Assignment | Within the data below, state how many lines contain the string "mask". Provide the number only.

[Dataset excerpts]
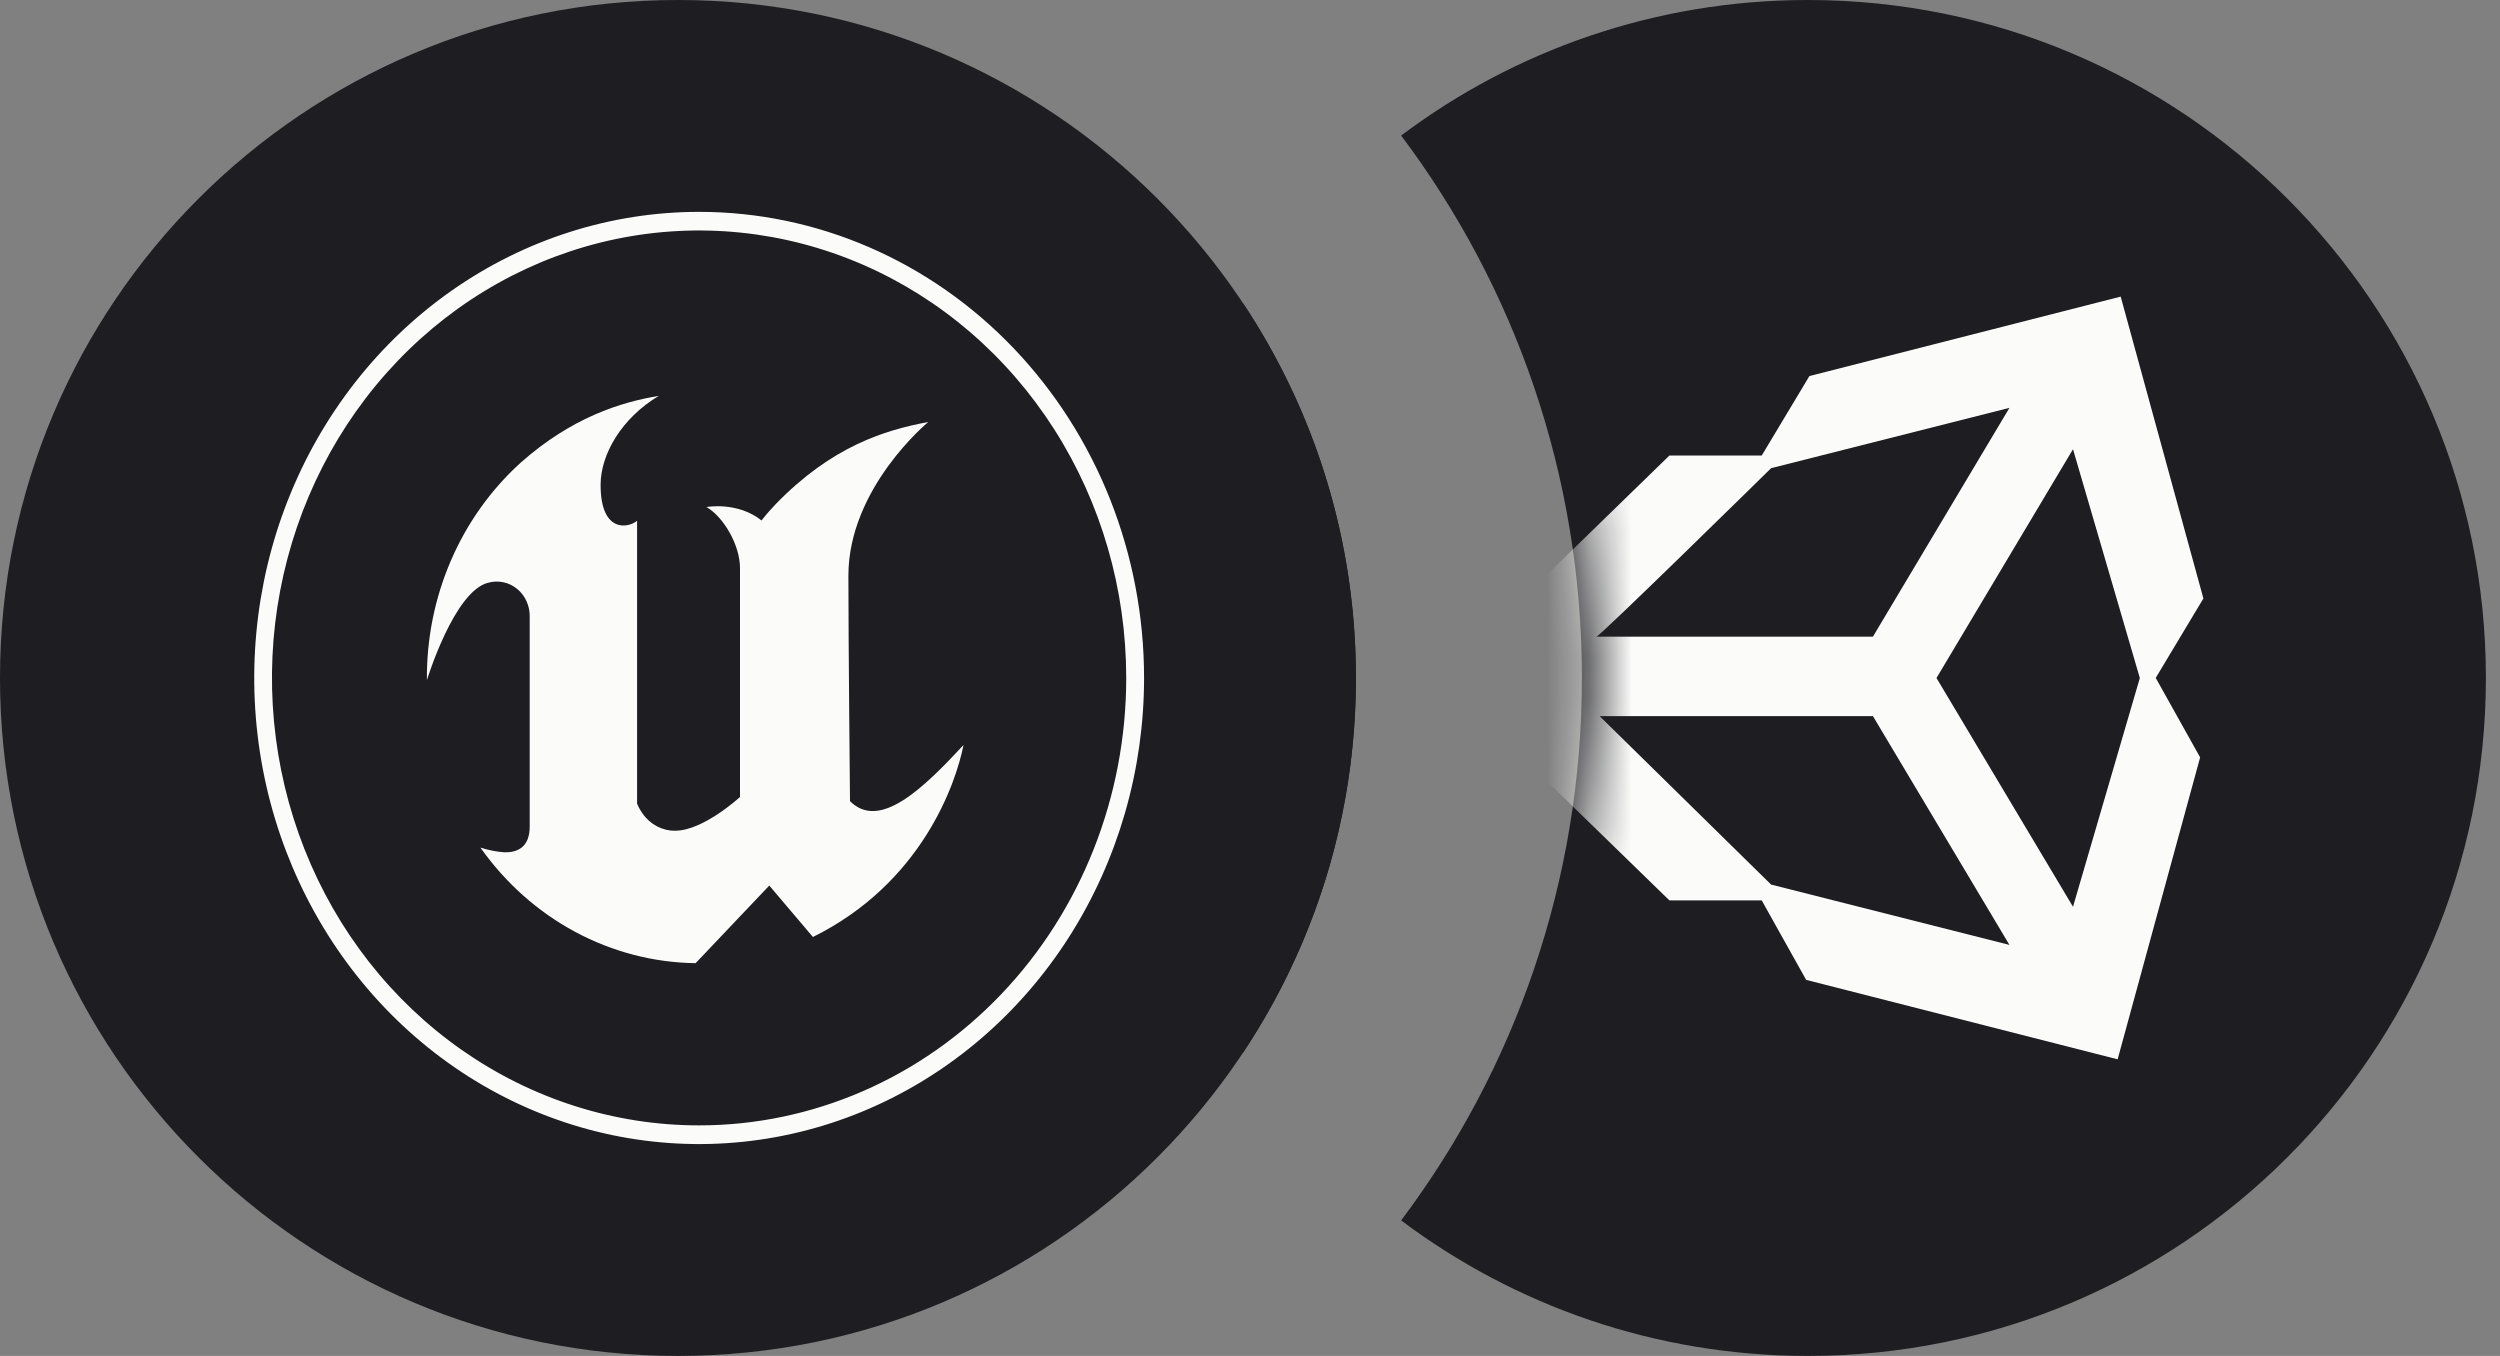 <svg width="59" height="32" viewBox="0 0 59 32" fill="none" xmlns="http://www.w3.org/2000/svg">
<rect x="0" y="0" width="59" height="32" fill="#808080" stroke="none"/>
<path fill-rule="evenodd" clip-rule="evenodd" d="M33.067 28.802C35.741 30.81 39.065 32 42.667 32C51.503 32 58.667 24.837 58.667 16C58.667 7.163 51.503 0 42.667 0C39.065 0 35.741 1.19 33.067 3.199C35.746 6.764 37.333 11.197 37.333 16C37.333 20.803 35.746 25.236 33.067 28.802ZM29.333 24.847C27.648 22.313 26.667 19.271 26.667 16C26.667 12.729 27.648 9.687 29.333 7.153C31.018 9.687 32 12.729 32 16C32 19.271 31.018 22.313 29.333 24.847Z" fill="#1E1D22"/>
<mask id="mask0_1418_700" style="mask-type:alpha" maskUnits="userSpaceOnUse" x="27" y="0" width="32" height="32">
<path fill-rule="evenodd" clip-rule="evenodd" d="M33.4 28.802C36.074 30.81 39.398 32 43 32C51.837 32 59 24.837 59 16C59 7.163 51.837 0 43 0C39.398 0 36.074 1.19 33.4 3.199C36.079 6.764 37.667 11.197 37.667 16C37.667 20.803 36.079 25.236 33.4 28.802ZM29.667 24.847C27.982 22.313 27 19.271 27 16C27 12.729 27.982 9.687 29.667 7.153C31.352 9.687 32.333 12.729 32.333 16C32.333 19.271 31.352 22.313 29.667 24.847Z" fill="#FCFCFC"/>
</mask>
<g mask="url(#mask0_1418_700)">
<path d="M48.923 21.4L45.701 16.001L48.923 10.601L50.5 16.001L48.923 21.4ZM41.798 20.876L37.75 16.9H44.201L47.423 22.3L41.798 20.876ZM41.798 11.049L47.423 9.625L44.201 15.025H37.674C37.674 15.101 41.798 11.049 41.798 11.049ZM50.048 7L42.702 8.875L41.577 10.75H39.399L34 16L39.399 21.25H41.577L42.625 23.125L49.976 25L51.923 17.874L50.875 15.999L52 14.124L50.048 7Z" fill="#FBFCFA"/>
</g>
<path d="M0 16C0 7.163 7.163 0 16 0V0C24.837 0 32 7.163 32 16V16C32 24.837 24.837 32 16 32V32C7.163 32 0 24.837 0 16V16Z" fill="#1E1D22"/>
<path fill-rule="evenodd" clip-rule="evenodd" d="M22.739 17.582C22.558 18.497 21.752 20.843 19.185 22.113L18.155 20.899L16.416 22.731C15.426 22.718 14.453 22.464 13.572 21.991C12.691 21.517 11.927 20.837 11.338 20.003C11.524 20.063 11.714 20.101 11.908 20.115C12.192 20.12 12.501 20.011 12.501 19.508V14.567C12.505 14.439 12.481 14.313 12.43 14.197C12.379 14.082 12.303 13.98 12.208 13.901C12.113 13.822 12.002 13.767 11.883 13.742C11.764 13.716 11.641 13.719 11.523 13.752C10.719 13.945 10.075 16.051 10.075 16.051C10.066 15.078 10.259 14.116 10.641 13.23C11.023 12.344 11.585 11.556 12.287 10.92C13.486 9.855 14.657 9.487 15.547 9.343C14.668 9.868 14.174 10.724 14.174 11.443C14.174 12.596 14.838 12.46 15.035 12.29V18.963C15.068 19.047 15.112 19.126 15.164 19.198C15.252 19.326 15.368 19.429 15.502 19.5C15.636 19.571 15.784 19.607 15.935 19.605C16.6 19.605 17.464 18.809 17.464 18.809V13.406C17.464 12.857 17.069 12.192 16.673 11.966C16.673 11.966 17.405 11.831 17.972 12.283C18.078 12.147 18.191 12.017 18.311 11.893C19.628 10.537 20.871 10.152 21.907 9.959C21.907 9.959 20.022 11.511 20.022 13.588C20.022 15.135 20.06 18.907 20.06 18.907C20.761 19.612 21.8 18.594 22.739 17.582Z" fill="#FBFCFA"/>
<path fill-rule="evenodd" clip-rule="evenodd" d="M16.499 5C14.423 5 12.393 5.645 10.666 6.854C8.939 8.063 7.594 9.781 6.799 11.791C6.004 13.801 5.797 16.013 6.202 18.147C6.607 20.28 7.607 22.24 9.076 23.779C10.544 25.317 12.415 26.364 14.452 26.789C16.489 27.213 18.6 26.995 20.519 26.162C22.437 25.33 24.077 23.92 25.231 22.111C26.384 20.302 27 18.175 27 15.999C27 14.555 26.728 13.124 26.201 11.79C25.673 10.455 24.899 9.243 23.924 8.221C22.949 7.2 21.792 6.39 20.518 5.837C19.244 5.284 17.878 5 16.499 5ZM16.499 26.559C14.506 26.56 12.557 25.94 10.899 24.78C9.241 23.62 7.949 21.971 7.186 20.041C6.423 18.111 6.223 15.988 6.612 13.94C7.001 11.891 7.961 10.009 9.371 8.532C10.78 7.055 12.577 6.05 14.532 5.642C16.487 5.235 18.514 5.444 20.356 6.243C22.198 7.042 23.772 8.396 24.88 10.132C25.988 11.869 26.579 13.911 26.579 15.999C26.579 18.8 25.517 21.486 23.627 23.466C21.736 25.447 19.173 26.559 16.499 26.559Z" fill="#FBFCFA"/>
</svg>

Exercise solution | 3